Since the proposed Transaction involves transfer/sale of the Undertakings as mentioned above and the net worth of Undertakings exceeds 20% of the net worth of the Company as per the last audited balance sheet and also income of Undertakings exceeds 20% of the total income of the Company during the previous financial year, approval of the shareholders of the Company is sought under Section 180(1)(a) of the Companies Act, 2013 for the transactions mentioned under resolution Nos. 6 to 9.

Further, while the aforementioned Business Transfers would constitute related party transactions as per the Companies Act, 2013 (“ Act ”) and the Securities and Exchange Board of India (Listing Obligations and Disclosure Requirements) Regulations, 2015 (“ LODR ”), in light of the exemptions set out under section 188 of the Act and regulation 23 of LODR for transactions between a holding company and its wholly owned subsidiary whose accounts are consolidated with such holding company and placed before the shareholders at the general meeting for approval, the approval of the shareholders of Company is not required under section 188 of the Act and regulation 23 of LODR for undertaking aforementioned the Business Transfers.
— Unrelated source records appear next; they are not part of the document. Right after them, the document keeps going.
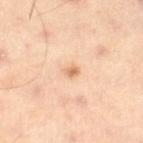Clinical impression: The lesion was photographed on a routine skin check and not biopsied; there is no pathology result. Background: The recorded lesion diameter is about 1.5 mm. A lesion tile, about 15 mm wide, cut from a 3D total-body photograph. This is a cross-polarized tile. The patient is a male aged 53 to 57. The lesion is on the right lower leg.
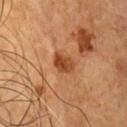imaging modality: ~15 mm crop, total-body skin-cancer survey | anatomic site: the chest | subject: male, approximately 55 years of age.
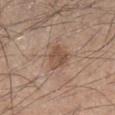Q: How was this image acquired?
A: ~15 mm crop, total-body skin-cancer survey
Q: What are the patient's age and sex?
A: male, about 45 years old
Q: Where on the body is the lesion?
A: the right lower leg
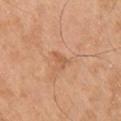workup = total-body-photography surveillance lesion; no biopsy | diameter = ~2.5 mm (longest diameter) | subject = male, approximately 60 years of age | lighting = cross-polarized | site = the leg | image = ~15 mm tile from a whole-body skin photo | automated lesion analysis = a lesion area of about 3 mm² and a shape eccentricity near 0.8; a mean CIELAB color near L≈51 a*≈21 b*≈32 and a lesion–skin lightness drop of about 6; a nevus-likeness score of about 0/100 and a detector confidence of about 100 out of 100 that the crop contains a lesion.
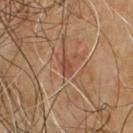The lesion was tiled from a total-body skin photograph and was not biopsied.
A male subject, aged approximately 65.
A 15 mm crop from a total-body photograph taken for skin-cancer surveillance.
The tile uses cross-polarized illumination.
Approximately 2.5 mm at its widest.
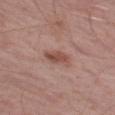Clinical impression:
The lesion was tiled from a total-body skin photograph and was not biopsied.
Context:
From the right thigh. Automated image analysis of the tile measured a lesion–skin lightness drop of about 10 and a normalized lesion–skin contrast near 7.5. A male patient approximately 60 years of age. Cropped from a total-body skin-imaging series; the visible field is about 15 mm.
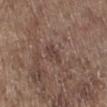Assessment: The lesion was tiled from a total-body skin photograph and was not biopsied. Clinical summary: This is a white-light tile. The recorded lesion diameter is about 2.5 mm. A male patient, aged approximately 70. A 15 mm crop from a total-body photograph taken for skin-cancer surveillance. The lesion is located on the right lower leg.
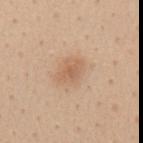  lesion_size:
    long_diameter_mm_approx: 3.0
  automated_metrics:
    eccentricity: 0.7
    shape_asymmetry: 0.25
  patient:
    sex: female
    age_approx: 45
  image:
    source: total-body photography crop
    field_of_view_mm: 15
  site: mid back
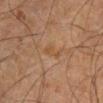Notes:
• follow-up — imaged on a skin check; not biopsied
• body site — the abdomen
• tile lighting — cross-polarized illumination
• subject — male, roughly 80 years of age
• image source — ~15 mm crop, total-body skin-cancer survey
• automated metrics — an eccentricity of roughly 0.9 and a symmetry-axis asymmetry near 0.4; an automated nevus-likeness rating near 0 out of 100
• size — ≈3 mm
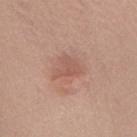workup: catalogued during a skin exam; not biopsied
illumination: white-light illumination
image source: total-body-photography crop, ~15 mm field of view
image-analysis metrics: a shape-asymmetry score of about 0.5 (0 = symmetric); a lesion color around L≈55 a*≈22 b*≈27 in CIELAB; a border-irregularity index near 5/10, a within-lesion color-variation index near 2/10, and radial color variation of about 0.5; a classifier nevus-likeness of about 40/100 and a lesion-detection confidence of about 100/100
patient: female, aged approximately 65
location: the upper back
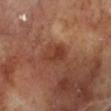{
  "biopsy_status": "not biopsied; imaged during a skin examination",
  "patient": {
    "sex": "male",
    "age_approx": 70
  },
  "image": {
    "source": "total-body photography crop",
    "field_of_view_mm": 15
  },
  "lighting": "cross-polarized",
  "site": "left lower leg",
  "lesion_size": {
    "long_diameter_mm_approx": 3.5
  }
}

The Board is of the opinion that the resolutions as set out in item Nos. 6 to 9 of this Notice are in the best interest of the Company and hence, the recommends passing of the resolutions for approval of the members by way of Special resolutions.

None of the Directors, Key Managerial Personnel of the Company and their relatives, is in any way concerned or interested in the said Resolution except to the extent of their respective shareholding, if any, in the Company.